Patagonia Threatens the White House with Lawsuit Over National Monument Order

Patagonia Threatens the White House with  Lawsuit Over National Monument Order

All national monuments created since 1996 are to be placed under review by the Department of the Interior according to a new executive order signed by President Donald Trump. On Wednesday, April 26th, the outdoor retailer Patagonia threatened to sue if the executive order was placed into action.

The CEO of Patagonia, Rose Marcario, said that Trump doesn’t have the authority to undo the designation of a National Monument placed by an earlier president. The retailer has already been involved in a legal battle over two monuments that Obama designated in the last days of his presidency, and they are prepared to continue that fight to protect the national treasures of the United States.

Marcario went on to say that the brand was watching Trump and his administration closely for legality, and they are more than willing to take the fight to court to protect the landscapes of the nation. Patagonia has increased its position as a politically-charged brand since right before the election in November. On Black Friday, the brand made an amazing $10 million in sales, all of which they donated to help save the environment. Before the election, they spent upwards of $1 million on a campaign to get people to vote.

Before Obama left office, he and his administration designated 1.35 million acres of land in Utah as Bears Ears National Monument. Many Republicans lambasted the decision and called it nothing more than a federal land grab. They have since pleaded with the Trump administration to remove that designation so those lands can be sold and industrialized. The new National Monument was created under the authority of the 1906 Antiquities Act.

Patagonia has publicly stated that they will work with every bit of their power to help ensure that monument remains. To demonstrate their resolve, the retailer decided that it would not attend any trade shows in Salt Lake City, Utah, where the governor had formally requested that the national monument designation be rescinded. The executive order that Trump signed does not undo the designation, but it gives the Department of the Interior instructions to review those designations, so they could be reversed in the future.

When Trump signed the order, he said that many of the leaders in the community were concerned about preserving the land, yet they were also concerned with what he called the ‘land grab’ of the federal government. He went on to say that this order would help free up that land, despite the fact that doing so would drastically decrease the likelihood of the land being protected.

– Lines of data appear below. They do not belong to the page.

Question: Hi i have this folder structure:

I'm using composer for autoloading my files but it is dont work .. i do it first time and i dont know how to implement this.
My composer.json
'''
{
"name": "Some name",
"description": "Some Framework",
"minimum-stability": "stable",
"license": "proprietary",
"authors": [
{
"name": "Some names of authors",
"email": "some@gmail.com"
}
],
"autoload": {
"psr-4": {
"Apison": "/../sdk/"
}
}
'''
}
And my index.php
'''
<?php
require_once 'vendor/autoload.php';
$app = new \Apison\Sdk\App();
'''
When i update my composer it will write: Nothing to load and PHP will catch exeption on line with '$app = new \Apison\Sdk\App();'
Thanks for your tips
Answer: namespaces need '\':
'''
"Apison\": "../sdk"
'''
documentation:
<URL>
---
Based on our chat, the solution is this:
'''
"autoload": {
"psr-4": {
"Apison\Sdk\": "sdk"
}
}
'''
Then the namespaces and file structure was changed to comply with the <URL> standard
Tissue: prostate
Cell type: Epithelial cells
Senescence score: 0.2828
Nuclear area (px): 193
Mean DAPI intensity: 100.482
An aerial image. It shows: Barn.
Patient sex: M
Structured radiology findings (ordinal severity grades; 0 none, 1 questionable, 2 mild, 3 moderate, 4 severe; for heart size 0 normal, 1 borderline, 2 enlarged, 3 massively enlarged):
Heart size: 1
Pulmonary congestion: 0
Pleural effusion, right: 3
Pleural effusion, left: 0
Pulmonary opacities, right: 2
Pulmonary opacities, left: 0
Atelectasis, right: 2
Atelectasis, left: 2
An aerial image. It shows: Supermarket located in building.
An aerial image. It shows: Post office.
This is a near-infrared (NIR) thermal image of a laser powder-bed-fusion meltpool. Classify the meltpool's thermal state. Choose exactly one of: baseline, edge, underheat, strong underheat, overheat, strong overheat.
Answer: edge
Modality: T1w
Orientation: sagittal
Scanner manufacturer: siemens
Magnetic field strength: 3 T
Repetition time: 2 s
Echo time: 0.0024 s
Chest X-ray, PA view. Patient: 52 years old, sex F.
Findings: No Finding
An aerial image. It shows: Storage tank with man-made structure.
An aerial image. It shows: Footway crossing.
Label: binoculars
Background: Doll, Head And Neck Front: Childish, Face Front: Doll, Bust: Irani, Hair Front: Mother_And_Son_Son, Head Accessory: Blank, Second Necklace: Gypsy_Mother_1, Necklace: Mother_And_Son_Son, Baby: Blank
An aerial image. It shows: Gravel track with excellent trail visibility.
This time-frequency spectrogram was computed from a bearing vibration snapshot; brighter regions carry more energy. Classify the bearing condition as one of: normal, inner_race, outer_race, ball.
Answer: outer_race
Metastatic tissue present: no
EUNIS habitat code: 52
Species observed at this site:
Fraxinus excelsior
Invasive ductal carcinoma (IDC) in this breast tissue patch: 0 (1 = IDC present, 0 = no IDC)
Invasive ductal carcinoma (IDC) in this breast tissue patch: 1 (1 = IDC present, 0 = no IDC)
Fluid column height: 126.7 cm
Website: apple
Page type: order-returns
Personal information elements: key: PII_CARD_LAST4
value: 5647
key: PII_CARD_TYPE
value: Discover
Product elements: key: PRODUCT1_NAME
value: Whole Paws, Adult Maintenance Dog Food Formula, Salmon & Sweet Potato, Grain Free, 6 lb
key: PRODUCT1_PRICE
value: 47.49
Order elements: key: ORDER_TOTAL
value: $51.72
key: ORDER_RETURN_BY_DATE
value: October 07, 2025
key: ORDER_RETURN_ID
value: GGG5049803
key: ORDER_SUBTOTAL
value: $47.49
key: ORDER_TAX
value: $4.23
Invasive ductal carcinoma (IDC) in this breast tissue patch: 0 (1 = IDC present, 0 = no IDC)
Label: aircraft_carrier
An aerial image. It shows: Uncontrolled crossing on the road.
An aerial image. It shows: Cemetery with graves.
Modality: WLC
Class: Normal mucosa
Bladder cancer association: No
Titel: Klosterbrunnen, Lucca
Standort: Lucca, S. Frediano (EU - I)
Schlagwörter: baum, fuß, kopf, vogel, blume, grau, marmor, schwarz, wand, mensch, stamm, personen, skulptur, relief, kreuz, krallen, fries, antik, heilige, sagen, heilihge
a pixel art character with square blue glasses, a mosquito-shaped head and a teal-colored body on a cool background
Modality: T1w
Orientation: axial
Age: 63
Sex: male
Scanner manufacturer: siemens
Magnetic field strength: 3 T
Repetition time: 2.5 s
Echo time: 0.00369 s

If Trump is successful in having these national landscapes returned for sale to the public, he will be the first president to ever rescind a designation of a National Monument by way of the Antiquities Act. There is no precedent for such an event, but there is also no direct language in the Act that prevents a president from doing so. Some experts believe that a president can only alter the designation, but not completely remove it.

This is just one example of how the Trump administration is fighting to remove public lands and sell them back to the public. A new law was just enacted in January that made it easier to transfer lands from the federal government to private developers of states, and that alteration could see the sale of nearly 3.3 million acres of previously protected or preserved land. That is an area roughly the size of Connecticut.

The Trump administration is supposed to serve as stewards of the public lands, but they have shown they have no interest in protecting those spaces. Indeed, it seems as if they are prepared to do exactly the reverse.